● Assignment:
Leaving out the images, transcribe every record below exactly.

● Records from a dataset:
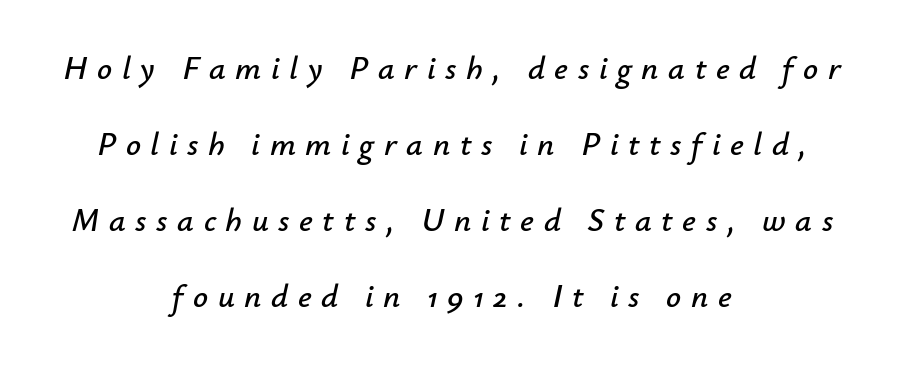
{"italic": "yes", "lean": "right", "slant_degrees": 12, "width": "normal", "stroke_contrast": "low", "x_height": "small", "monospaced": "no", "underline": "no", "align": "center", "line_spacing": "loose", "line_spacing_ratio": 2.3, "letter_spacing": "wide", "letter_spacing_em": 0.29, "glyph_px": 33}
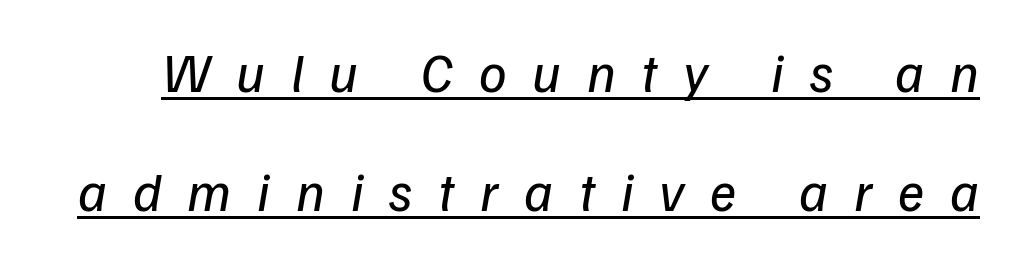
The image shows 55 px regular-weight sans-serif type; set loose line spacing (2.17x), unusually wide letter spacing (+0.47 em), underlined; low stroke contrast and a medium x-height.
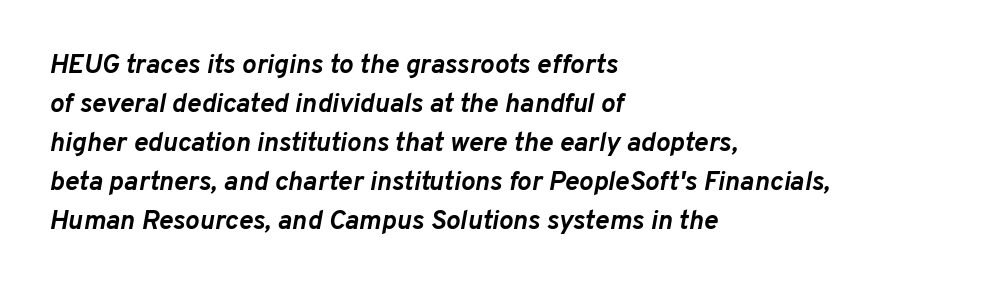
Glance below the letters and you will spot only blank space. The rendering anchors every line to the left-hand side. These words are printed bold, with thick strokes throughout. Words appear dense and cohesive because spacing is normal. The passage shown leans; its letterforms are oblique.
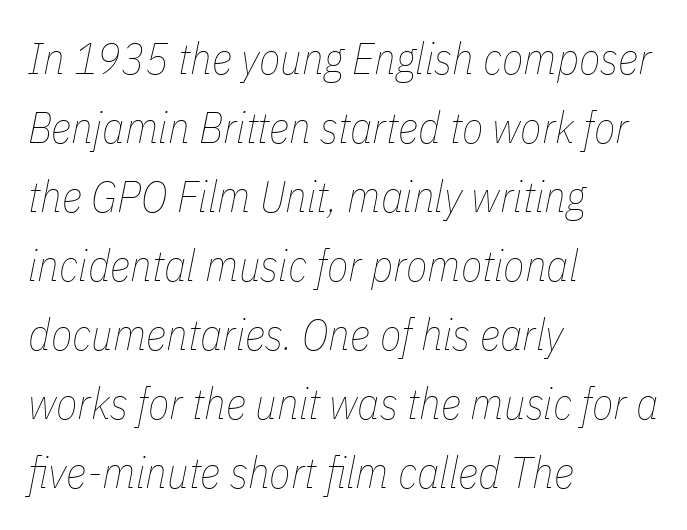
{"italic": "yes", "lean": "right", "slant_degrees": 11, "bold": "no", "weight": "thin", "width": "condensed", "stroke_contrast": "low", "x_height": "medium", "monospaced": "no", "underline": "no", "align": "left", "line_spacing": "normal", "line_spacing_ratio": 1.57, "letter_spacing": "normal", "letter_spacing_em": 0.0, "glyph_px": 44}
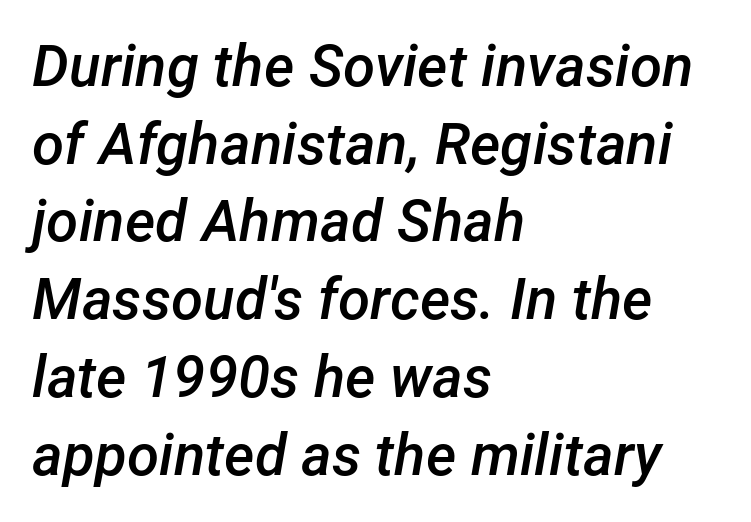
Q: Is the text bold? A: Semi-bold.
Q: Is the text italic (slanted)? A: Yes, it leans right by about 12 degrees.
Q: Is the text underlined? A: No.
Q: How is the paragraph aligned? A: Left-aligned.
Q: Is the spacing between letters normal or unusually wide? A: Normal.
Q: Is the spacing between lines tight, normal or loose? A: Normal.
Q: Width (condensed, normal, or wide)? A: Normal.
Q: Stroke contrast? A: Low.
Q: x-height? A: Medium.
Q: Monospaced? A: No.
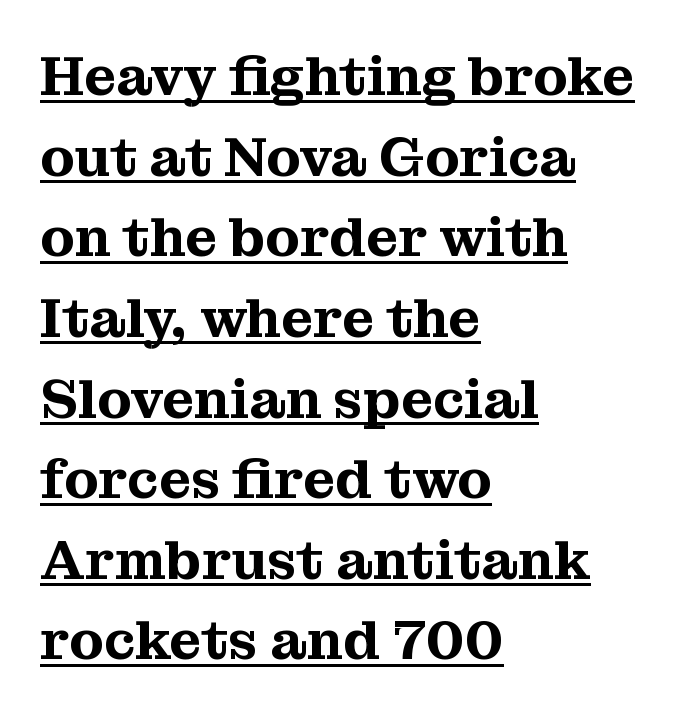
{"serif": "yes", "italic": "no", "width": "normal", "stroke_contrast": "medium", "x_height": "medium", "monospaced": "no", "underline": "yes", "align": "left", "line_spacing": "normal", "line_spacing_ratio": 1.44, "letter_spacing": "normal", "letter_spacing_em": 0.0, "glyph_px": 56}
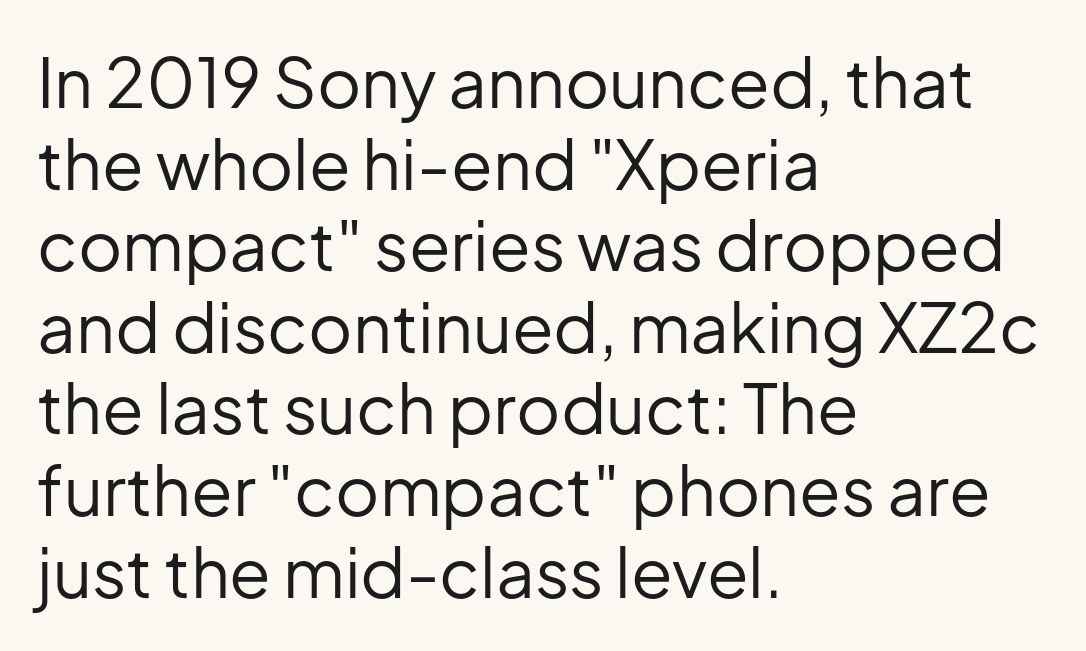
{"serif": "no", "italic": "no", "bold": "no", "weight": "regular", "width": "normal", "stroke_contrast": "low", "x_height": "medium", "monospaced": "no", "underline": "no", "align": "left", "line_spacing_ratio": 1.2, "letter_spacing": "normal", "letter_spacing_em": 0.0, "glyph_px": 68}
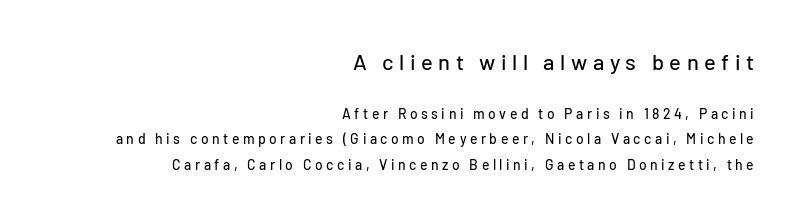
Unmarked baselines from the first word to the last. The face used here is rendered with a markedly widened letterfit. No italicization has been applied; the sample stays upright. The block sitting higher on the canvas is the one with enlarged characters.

● Answer section:
{"italic": "yes", "lean": "right", "slant_degrees": 12, "width": "normal", "stroke_contrast": "low", "x_height": "small", "monospaced": "no", "underline": "no", "align": "center", "line_spacing": "loose", "line_spacing_ratio": 2.3, "letter_spacing": "wide", "letter_spacing_em": 0.29, "glyph_px": 33}
The image shows 55 px regular-weight sans-serif type; set loose line spacing (2.17x), unusually wide letter spacing (+0.47 em), underlined; low stroke contrast and a medium x-height.
Glance below the letters and you will spot only blank space. The rendering anchors every line to the left-hand side. These words are printed bold, with thick strokes throughout. Words appear dense and cohesive because spacing is normal. The passage shown leans; its letterforms are oblique.
{"italic": "yes", "lean": "right", "slant_degrees": 11, "bold": "no", "weight": "thin", "width": "condensed", "stroke_contrast": "low", "x_height": "medium", "monospaced": "no", "underline": "no", "align": "left", "line_spacing": "normal", "line_spacing_ratio": 1.57, "letter_spacing": "normal", "letter_spacing_em": 0.0, "glyph_px": 44}
Q: Is the text bold? A: Semi-bold.
Q: Is the text italic (slanted)? A: Yes, it leans right by about 12 degrees.
Q: Is the text underlined? A: No.
Q: How is the paragraph aligned? A: Left-aligned.
Q: Is the spacing between letters normal or unusually wide? A: Normal.
Q: Is the spacing between lines tight, normal or loose? A: Normal.
Q: Width (condensed, normal, or wide)? A: Normal.
Q: Stroke contrast? A: Low.
Q: x-height? A: Medium.
Q: Monospaced? A: No.
{"serif": "yes", "italic": "no", "width": "normal", "stroke_contrast": "medium", "x_height": "medium", "monospaced": "no", "underline": "yes", "align": "left", "line_spacing": "normal", "line_spacing_ratio": 1.44, "letter_spacing": "normal", "letter_spacing_em": 0.0, "glyph_px": 56}
{"serif": "no", "italic": "no", "bold": "no", "weight": "regular", "width": "normal", "stroke_contrast": "low", "x_height": "medium", "monospaced": "no", "underline": "no", "align": "left", "line_spacing_ratio": 1.2, "letter_spacing": "normal", "letter_spacing_em": 0.0, "glyph_px": 68}
Unmarked baselines from the first word to the last. The face used here is rendered with a markedly widened letterfit. No italicization has been applied; the sample stays upright. The block sitting higher on the canvas is the one with enlarged characters.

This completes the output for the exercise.